■ TASK
Starting at the first line of the listing below, retype each line up to and including the one that contains "<title>Layer 1</title>". Leave pictures out.

■ RECORD EXTRACTS

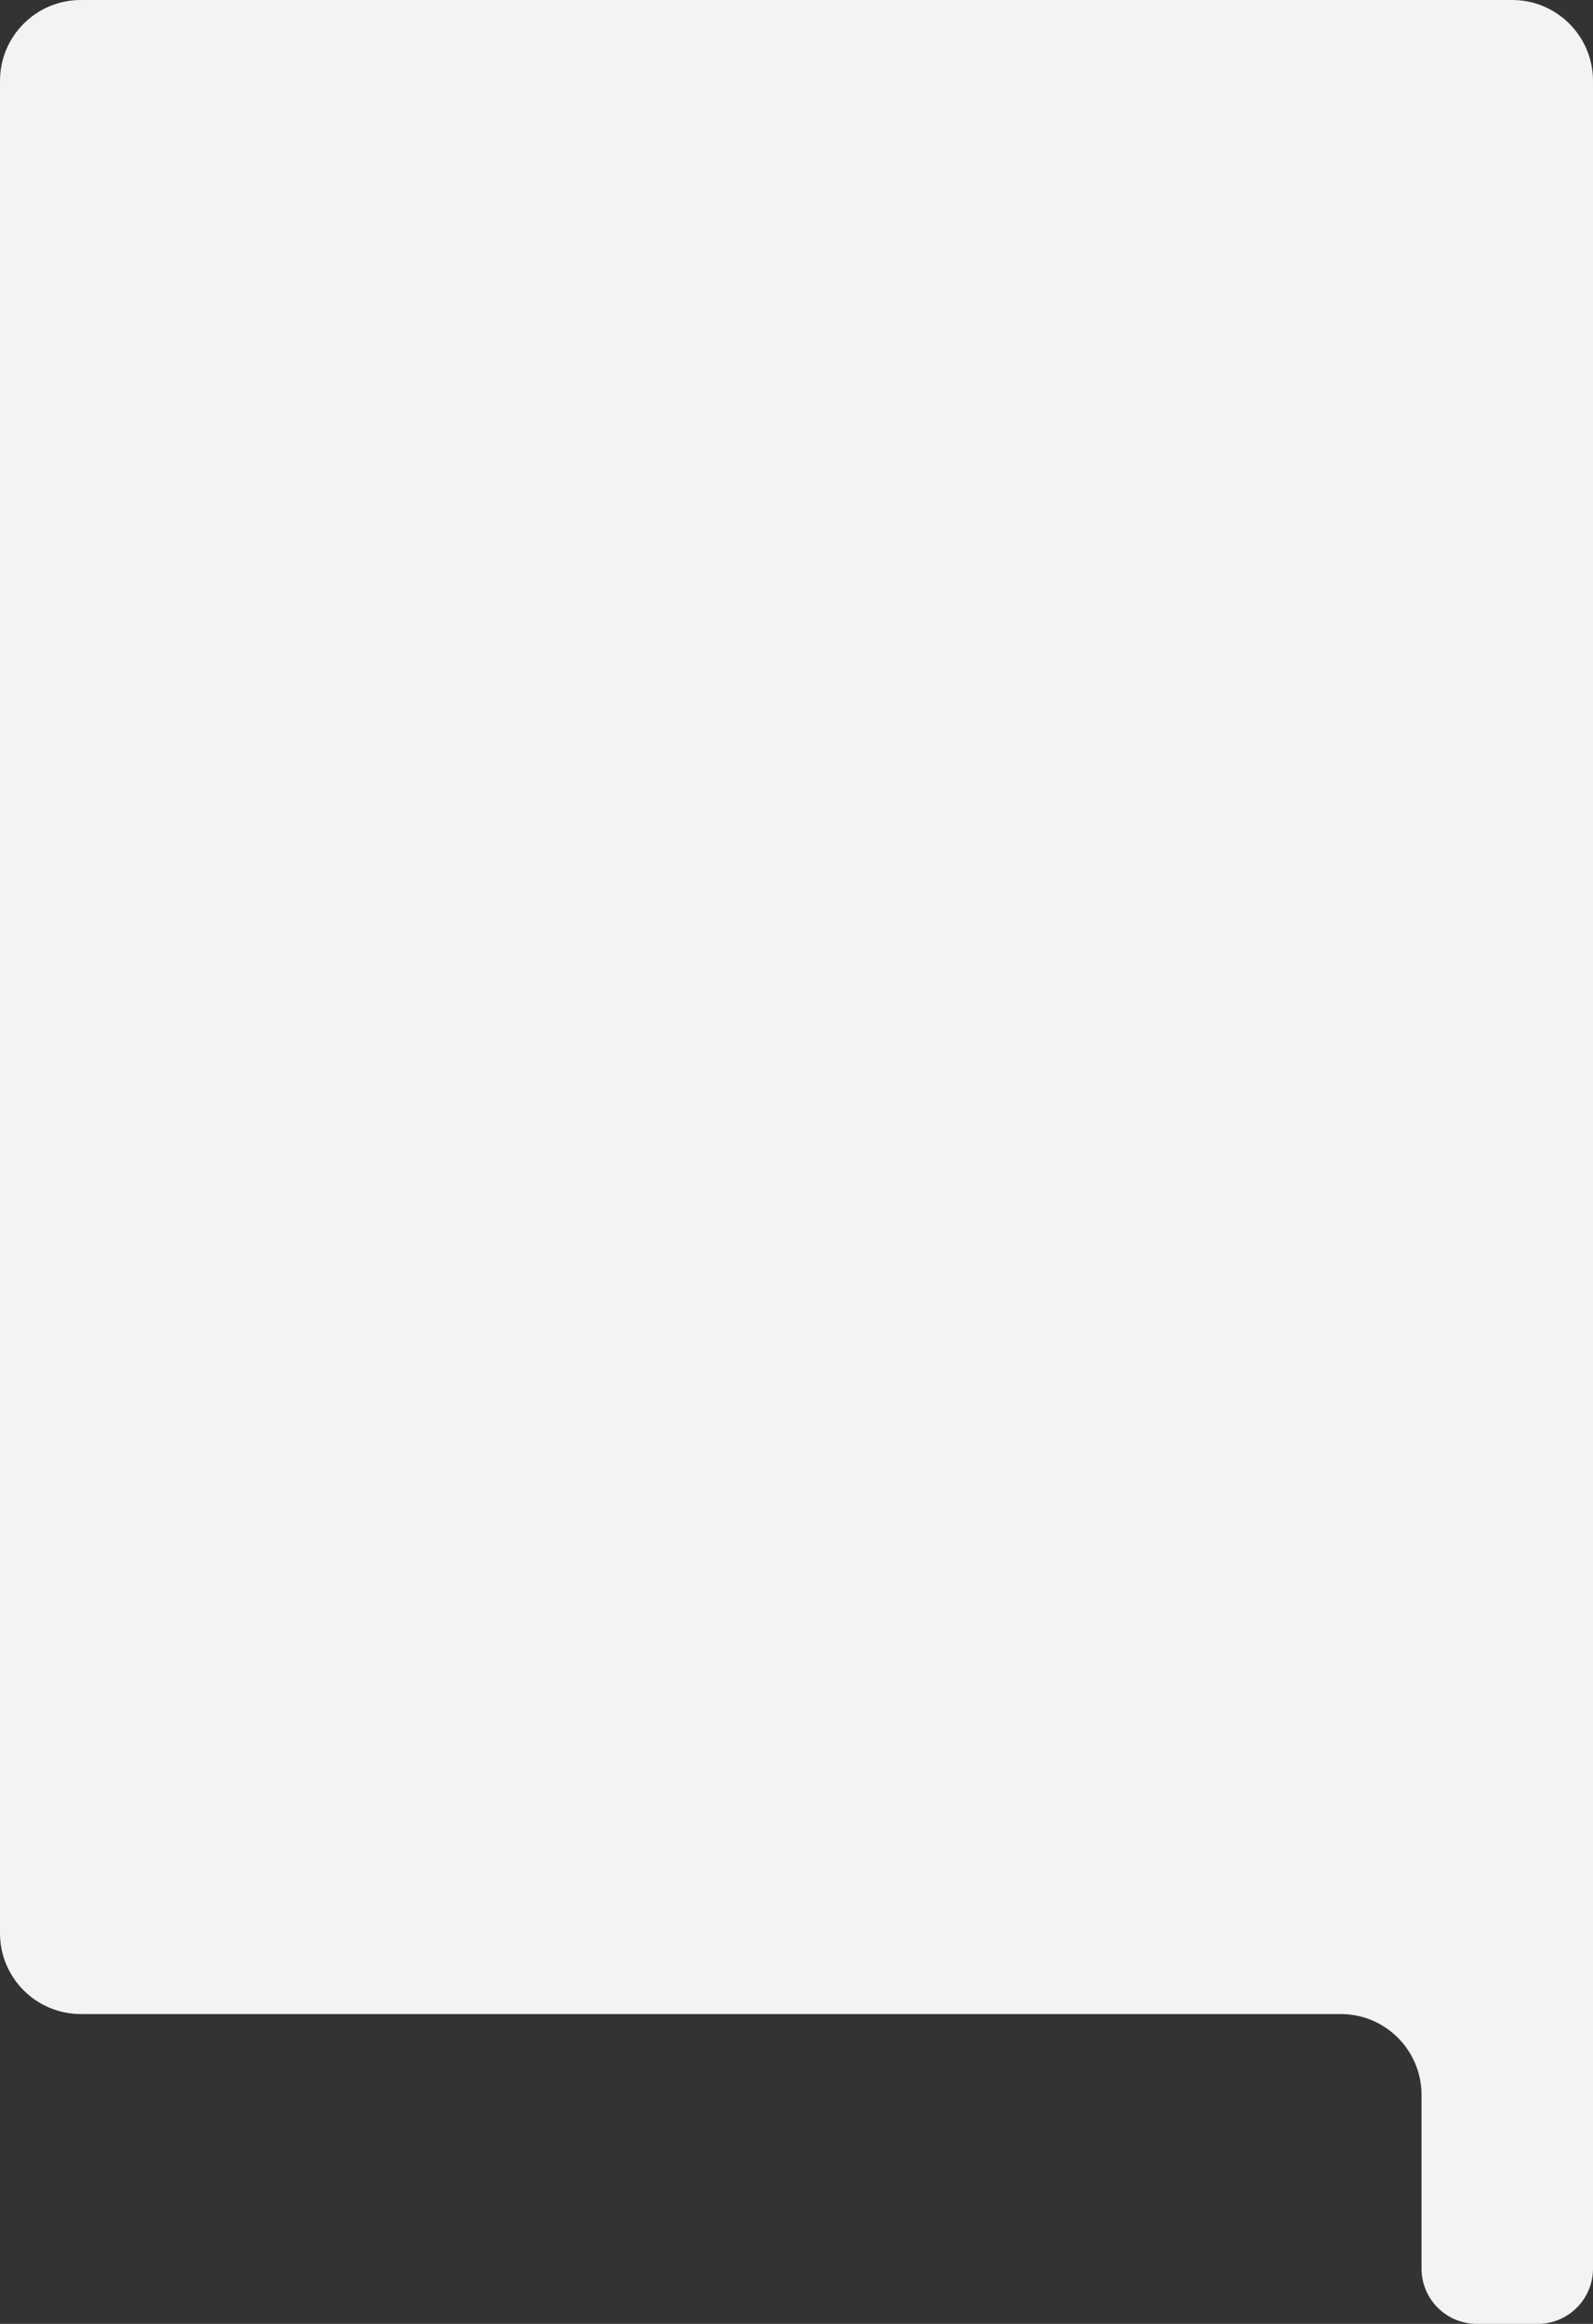 <?xml version="1.0" encoding="UTF-8"?> <svg xmlns="http://www.w3.org/2000/svg" width="288" height="420" viewBox="0 0 288 420" fill="none"><rect x="0" y="0" width="288" height="420" fill="#333333" stroke="none"/><path d="M14.614 0H273.386C281.457 0 288 6.543 288 14.614V410C288 415.523 283.523 420 278 420H267C261.477 420 257 415.523 257 410V378.614C257 370.543 250.457 364 242.386 364H14.614C6.543 364 0 357.457 0 349.386V14.614C0 6.543 6.543 0 14.614 0Z" fill="#F2F4F4"></path></svg> 
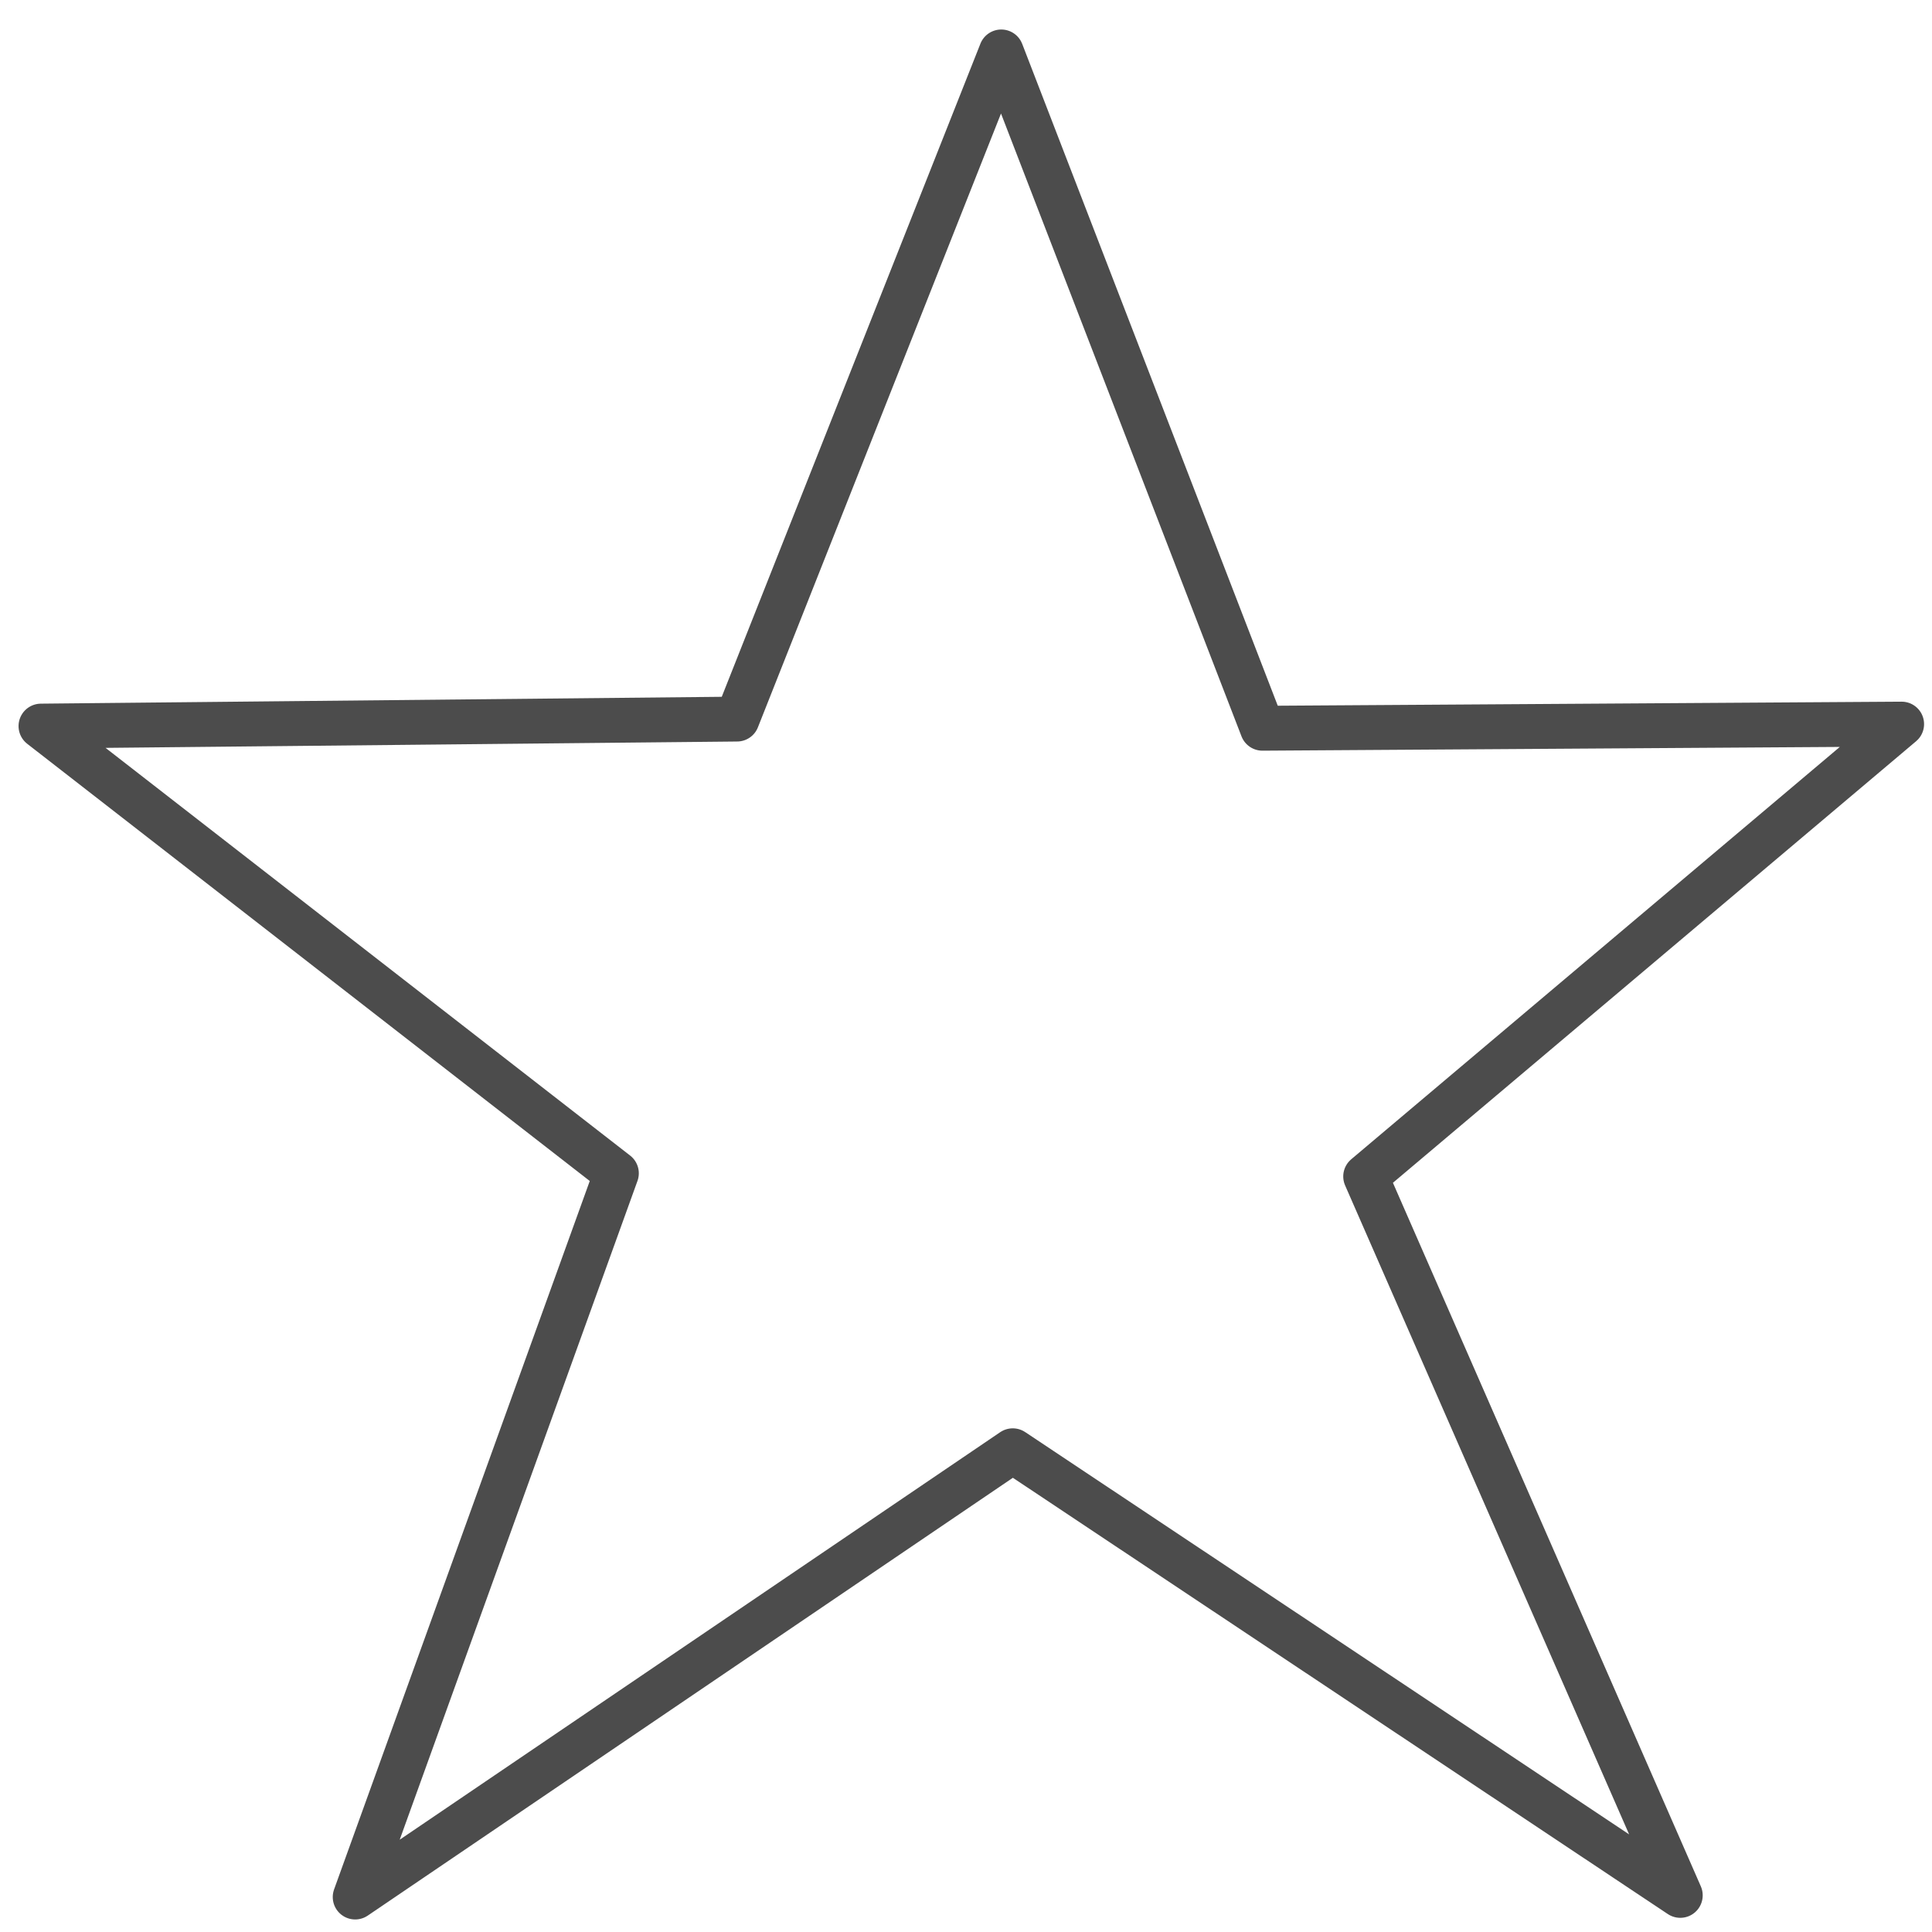 <?xml version="1.0"?><svg width="60" height="60" xmlns="http://www.w3.org/2000/svg" xmlns:xlink="http://www.w3.org/1999/xlink">
 <title>Star-checked</title>
 <defs>
  <linearGradient id="linearGradient772">
   <stop stop-color="#000" offset="0" id="stop773"/>
   <stop stop-color="#fff" offset="1" id="stop774"/>
  </linearGradient>
  <linearGradient xlink:href="#linearGradient772" id="linearGradient775"/>
 </defs>
 <g>
  <title>Layer 1</title>
  <path transform="rotate(10 28.566 31.587)" id="polygon634" d="m56.56,54.348l-22.813,-9.999l-17.705,17.195l4.086,-23.544l-20.01,-10.574l21.251,-3.968l4.483,-21.829l11.634,19.276l19.528,-3.574l-13.953,16.725l13.499,20.29" stroke-linecap="round" stroke-linejoin="round" stroke-width="1.393" stroke="#4c4c4c" fill="none"/>
 </g>
</svg>

■ WRITTEN SOLUTION
 <?xml version="1.0" encoding="UTF-8"?> <svg xmlns="http://www.w3.org/2000/svg" width="288" height="420" viewBox="0 0 288 420" fill="none"><rect x="0" y="0" width="288" height="420" fill="#333333" stroke="none"/><path d="M14.614 0H273.386C281.457 0 288 6.543 288 14.614V410C288 415.523 283.523 420 278 420H267C261.477 420 257 415.523 257 410V378.614C257 370.543 250.457 364 242.386 364H14.614C6.543 364 0 357.457 0 349.386V14.614C0 6.543 6.543 0 14.614 0Z" fill="#F2F4F4"></path></svg> 
 <?xml version="1.0"?><svg width="60" height="60" xmlns="http://www.w3.org/2000/svg" xmlns:xlink="http://www.w3.org/1999/xlink">
 <title>Star-checked</title>
 <defs>
  <linearGradient id="linearGradient772">
   <stop stop-color="#000" offset="0" id="stop773"/>
   <stop stop-color="#fff" offset="1" id="stop774"/>
  </linearGradient>
  <linearGradient xlink:href="#linearGradient772" id="linearGradient775"/>
 </defs>
 <g>
  <title>Layer 1</title>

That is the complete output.